Former World Bank vice president Oby Ezekwesili has emerged as a leading critic, calling for an immediate suspension of enforcement pending a transparent reconciliation of the disputed texts.
Her argument is stark:
- Tax compliance depends on trust
- Trust collapses when citizens suspect procedural manipulation
- Enforcement under disputed law invites resistance, litigation, and backlash
In her framing, Nigeria risks turning tax reform into a constitutional dispute.
Businesses Caught in the Middle
By Day Two of implementation, confusion had already begun filtering through:
- Companies asking which version of the law to rely on
- Tax advisers warning clients to prepare for disputes
- Concerns about penalties being imposed under contested provisions
For businesses, uncertainty is not neutral—it is costly.
Every unresolved clause becomes a future court case.
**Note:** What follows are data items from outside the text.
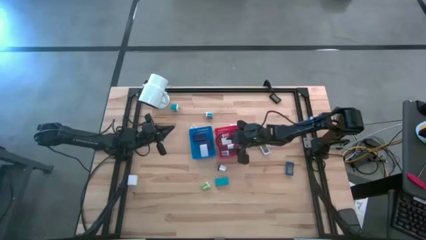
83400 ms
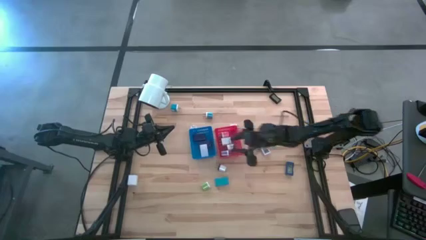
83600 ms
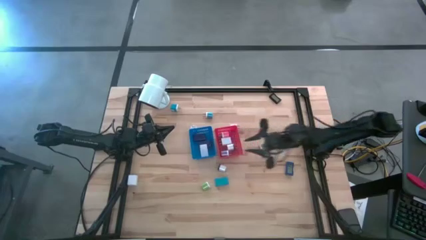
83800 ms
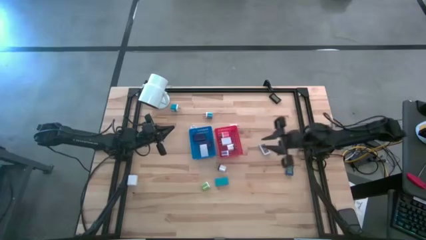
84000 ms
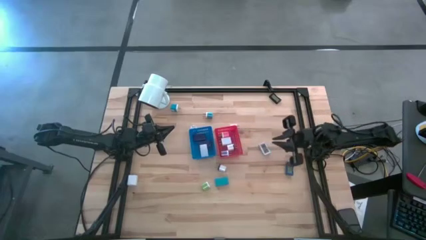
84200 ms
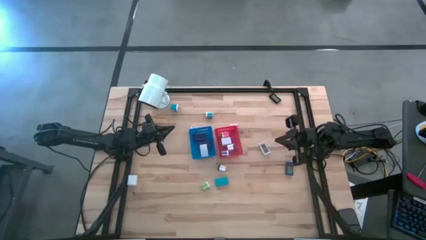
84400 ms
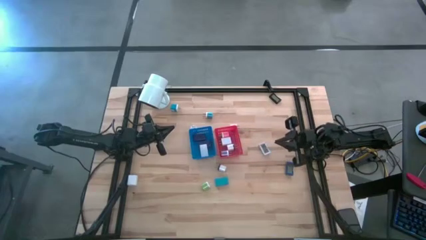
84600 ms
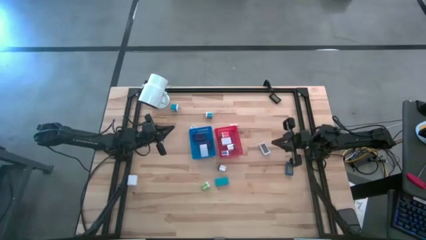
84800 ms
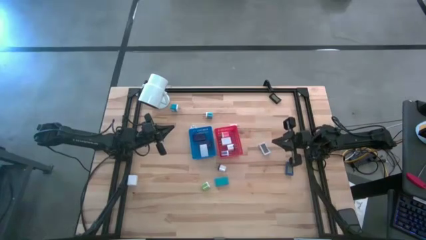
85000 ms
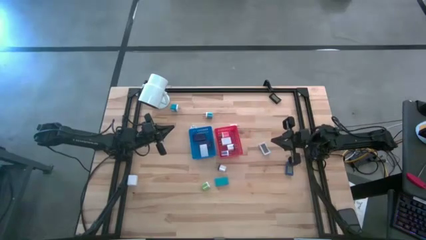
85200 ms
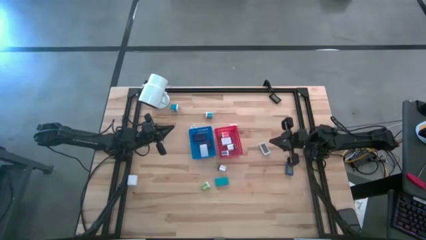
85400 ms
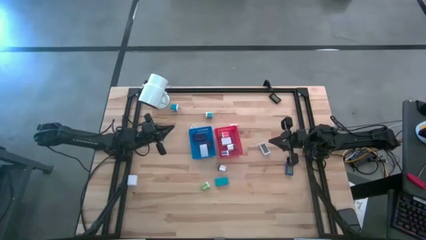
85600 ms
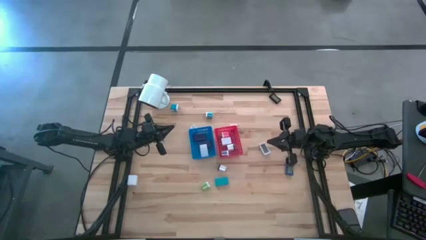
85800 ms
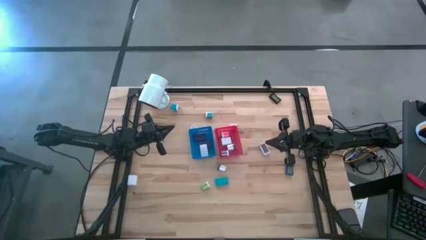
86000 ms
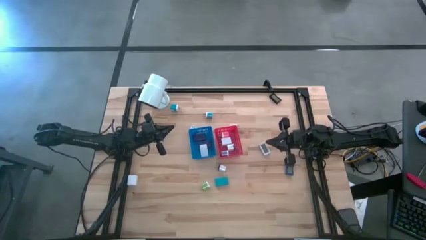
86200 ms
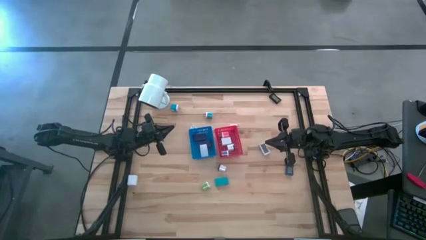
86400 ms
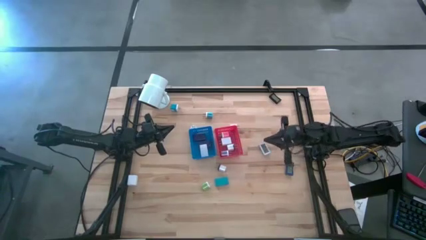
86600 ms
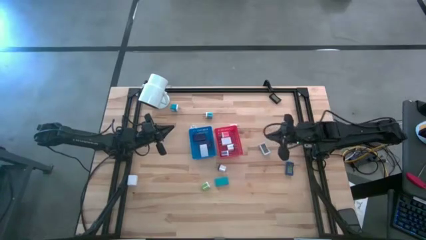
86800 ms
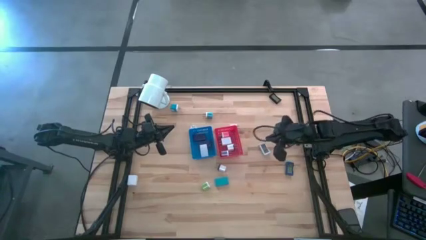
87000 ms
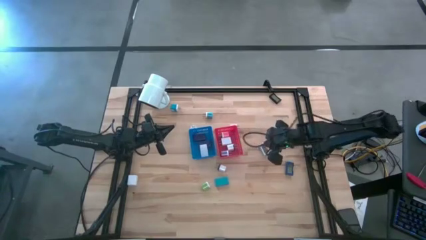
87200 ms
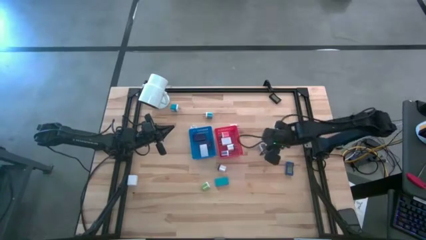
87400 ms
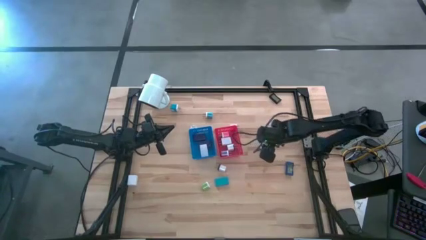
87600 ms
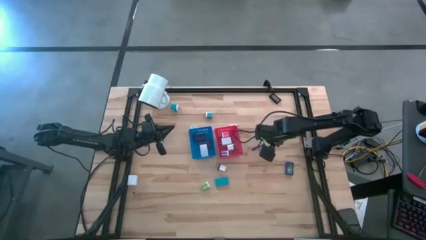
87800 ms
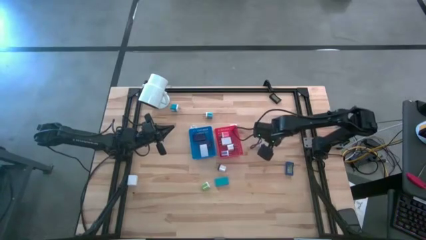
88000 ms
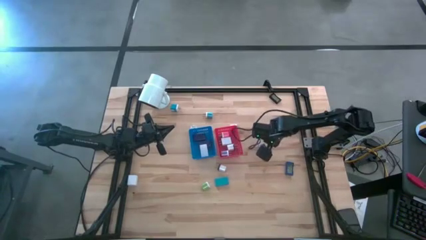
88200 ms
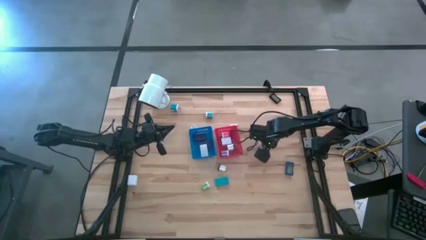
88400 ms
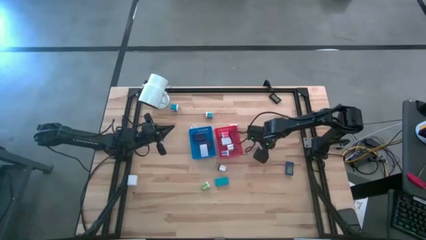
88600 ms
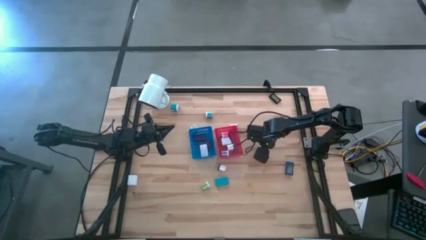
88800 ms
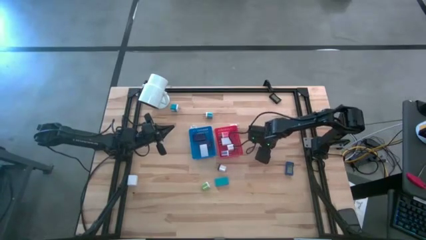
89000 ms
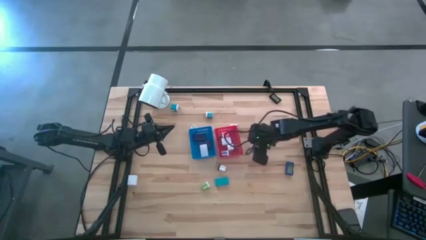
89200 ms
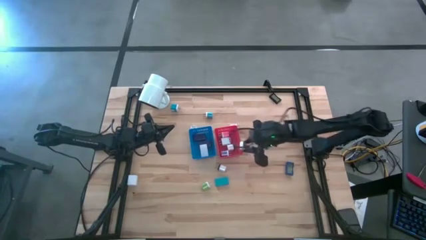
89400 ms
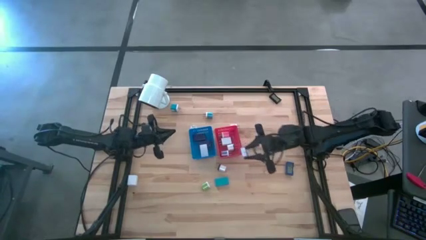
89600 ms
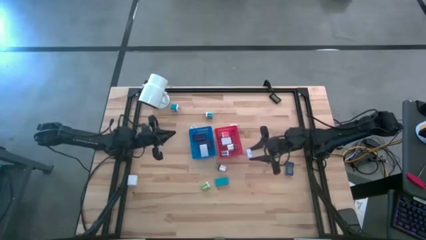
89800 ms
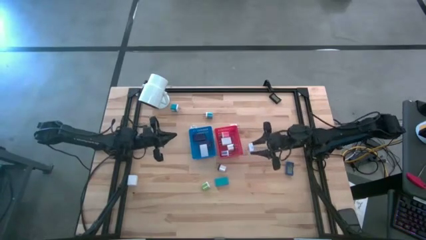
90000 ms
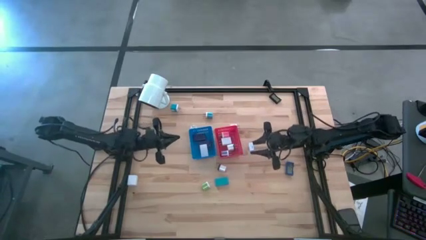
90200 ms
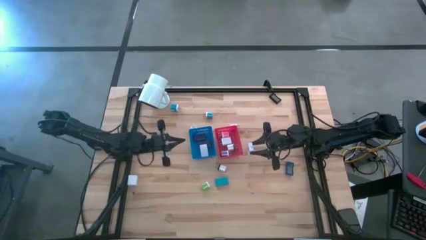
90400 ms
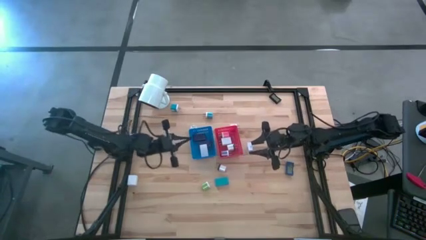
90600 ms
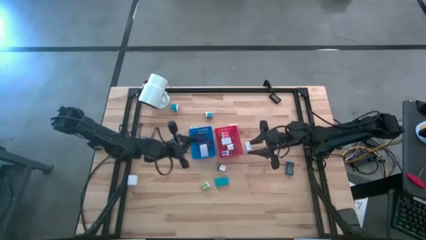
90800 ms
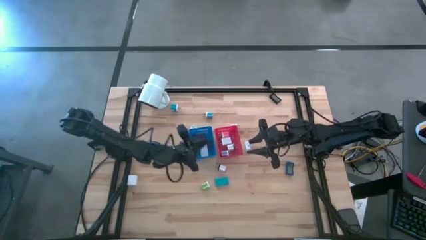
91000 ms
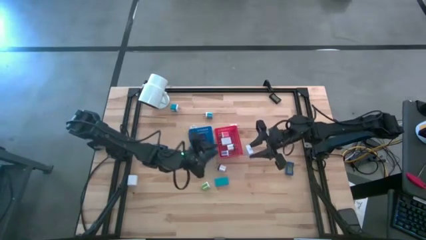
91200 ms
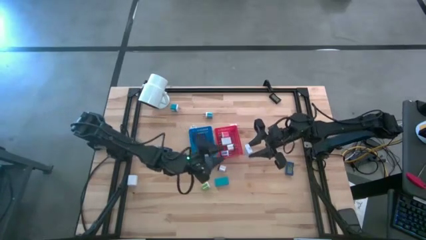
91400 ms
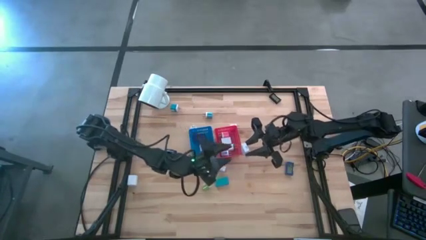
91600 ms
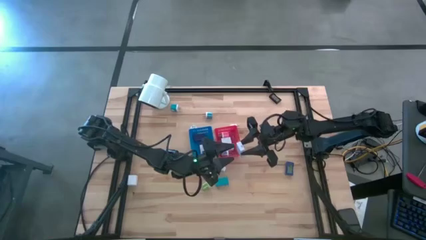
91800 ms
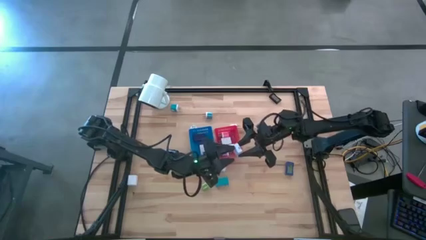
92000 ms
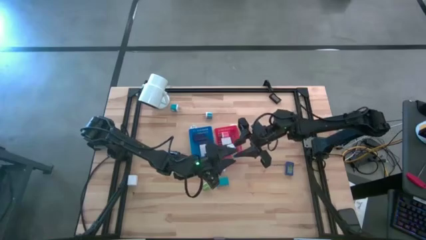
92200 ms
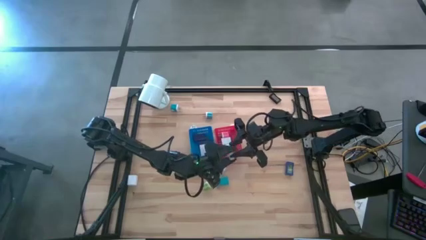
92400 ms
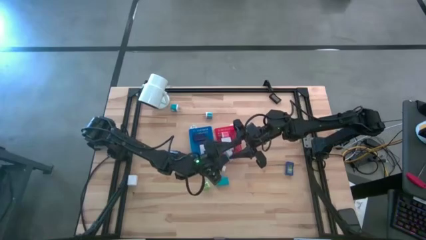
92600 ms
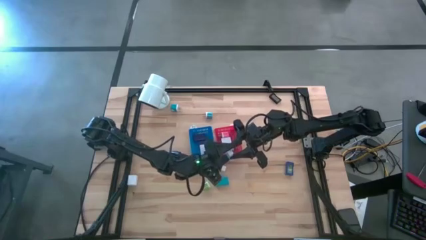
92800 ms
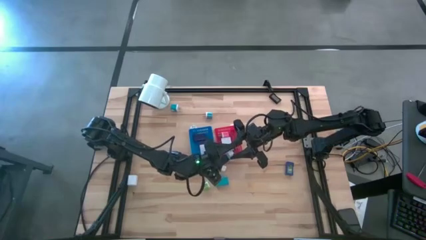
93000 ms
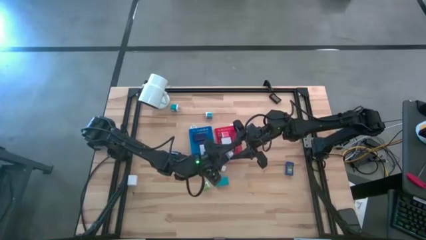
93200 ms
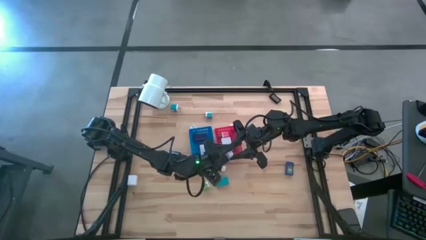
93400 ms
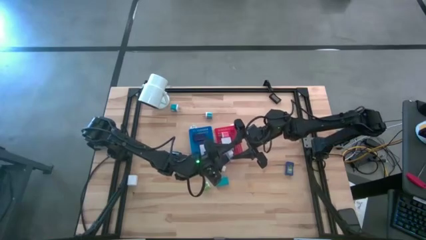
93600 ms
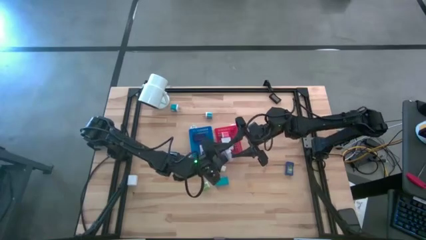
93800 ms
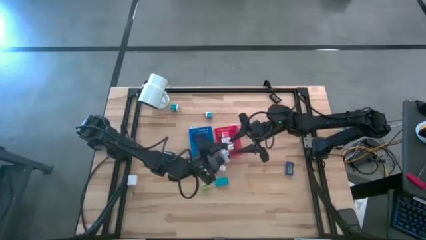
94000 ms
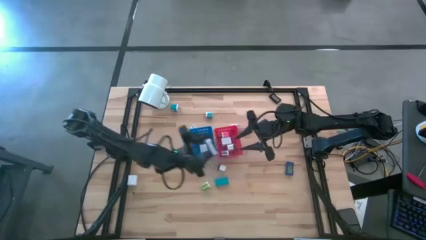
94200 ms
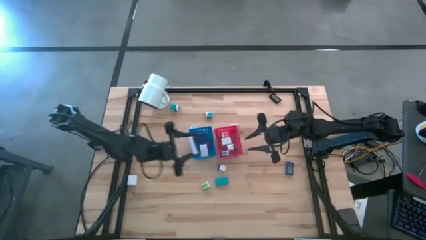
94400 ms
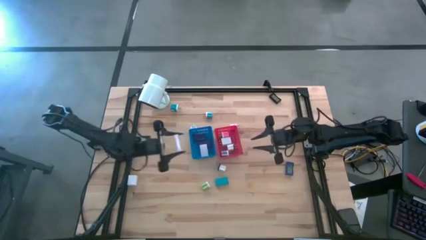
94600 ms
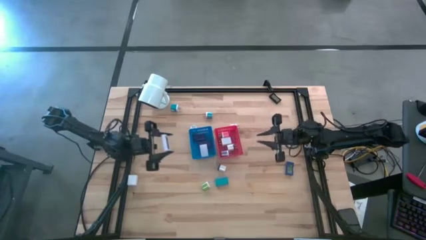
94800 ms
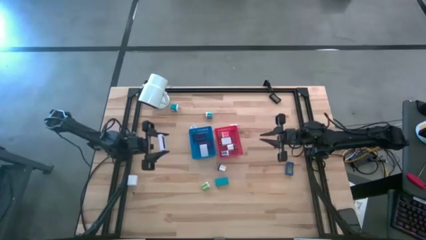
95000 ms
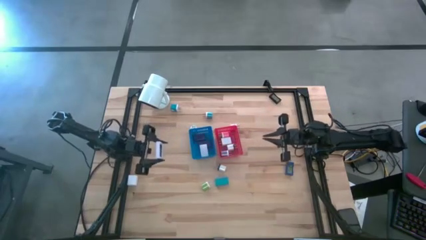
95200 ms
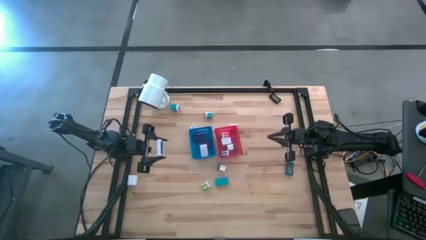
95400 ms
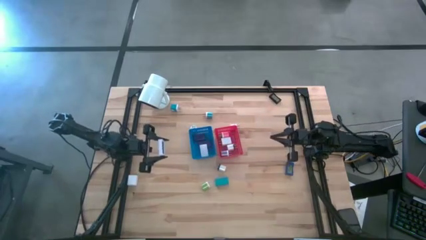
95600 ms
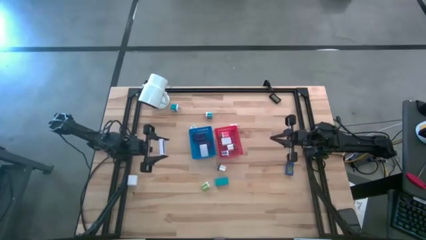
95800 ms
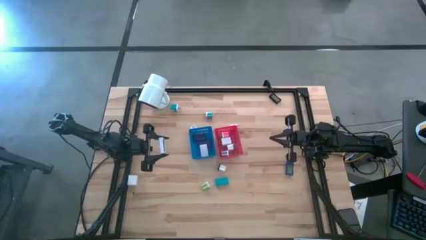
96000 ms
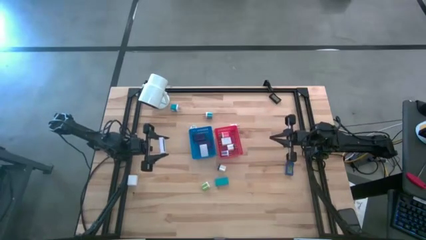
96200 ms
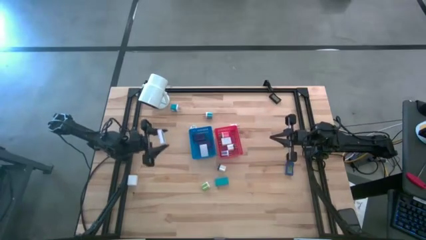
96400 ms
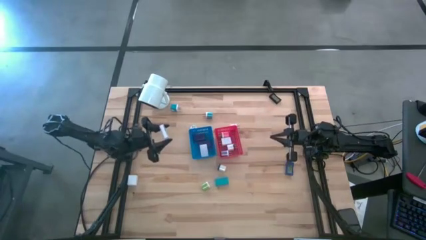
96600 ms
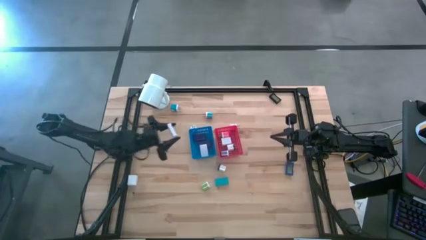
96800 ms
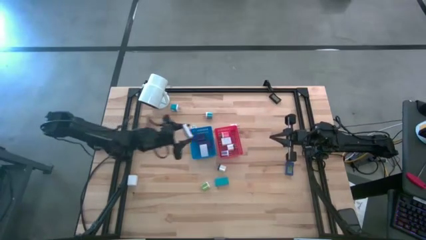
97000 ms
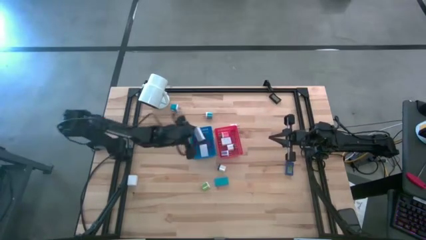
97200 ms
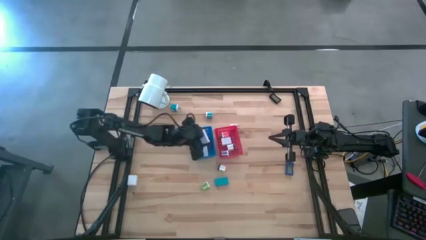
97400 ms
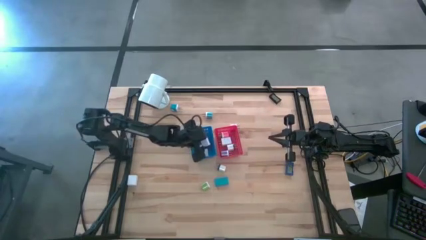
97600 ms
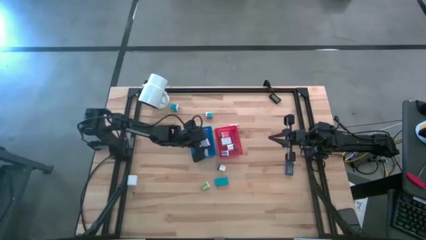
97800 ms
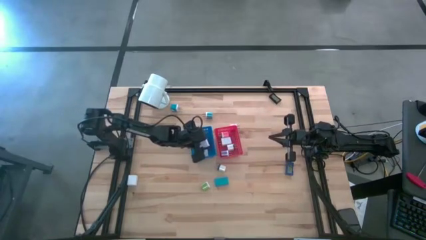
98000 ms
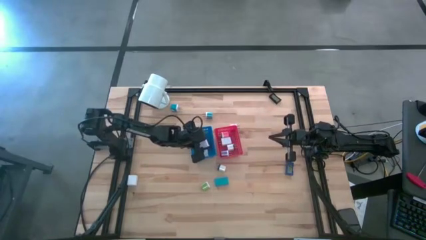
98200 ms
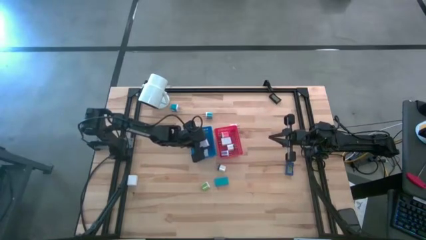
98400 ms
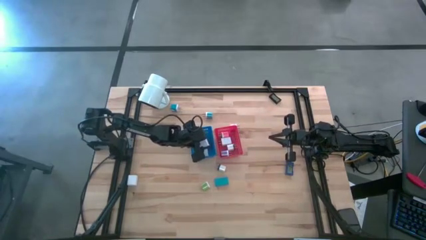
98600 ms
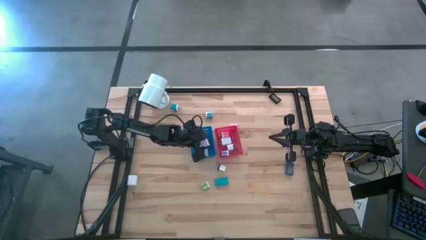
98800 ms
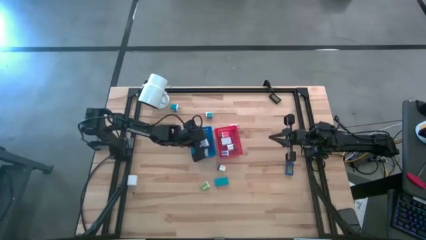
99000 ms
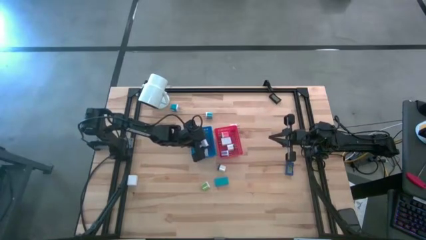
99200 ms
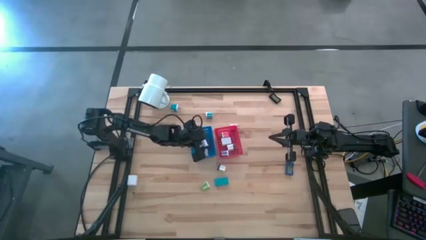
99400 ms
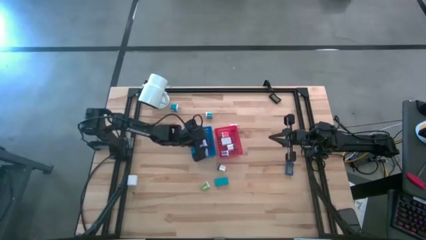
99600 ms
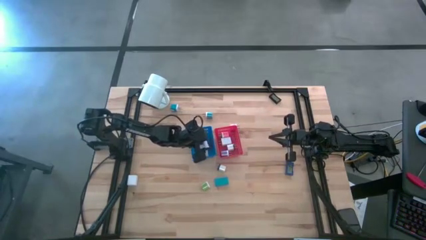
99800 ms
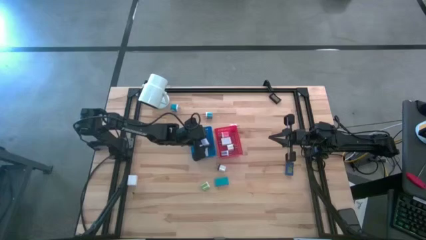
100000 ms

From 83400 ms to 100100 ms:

National Assembly’s Late Intervention
Facing mounting pressure, the National Assembly has moved to release certified copies of the assented bills, a step intended to reassure the public and clarify discrepancies.
While helpful, the move raises an uncomfortable implication:
Why was this not done before enforcement began?
In legislative terms, this is damage control—not prevention.
The Machiavellian Fear Beneath the Surface
This is where the critics’ concern sharpens.
If governments can:
- Rush implementation,
- Downplay discrepancies, and
- Rely on enforcement momentum to override procedural doubts,
then legality risks becoming a technicality corrected after compliance is compelled.
That fear—not the tax rates themselves—is what is fuelling public unease.
What’s Already Happening on the Ground
- Compliance uncertainty among SMEs
- Advisory firms urging caution clauses in filings
- Early signs of selective enforcement discretion
- Growing calls for judicial interpretation
The reform is live—but so is resistance.
Credibility recovery requires more than statements.
What the Clean Fix Looks Like
Minimum corrective steps:
- Publish certified assented texts in full
- Release a clause-by-clause reconciliation with gazetted versions
- Explain how any divergence occurred
- Pause punitive enforcement until clarity is restored
Anything less risks turning reform into confrontation.
Why This Matters Now
Two days in, Nigeria stands at a fork:
- Enforce fast and risk backlash, or
- Clarify law and rebuild trust, even at short-term cost
Tax reform is not just about revenue.
It is about the relationship between the state and the citizen.
That relationship is being tested—right now.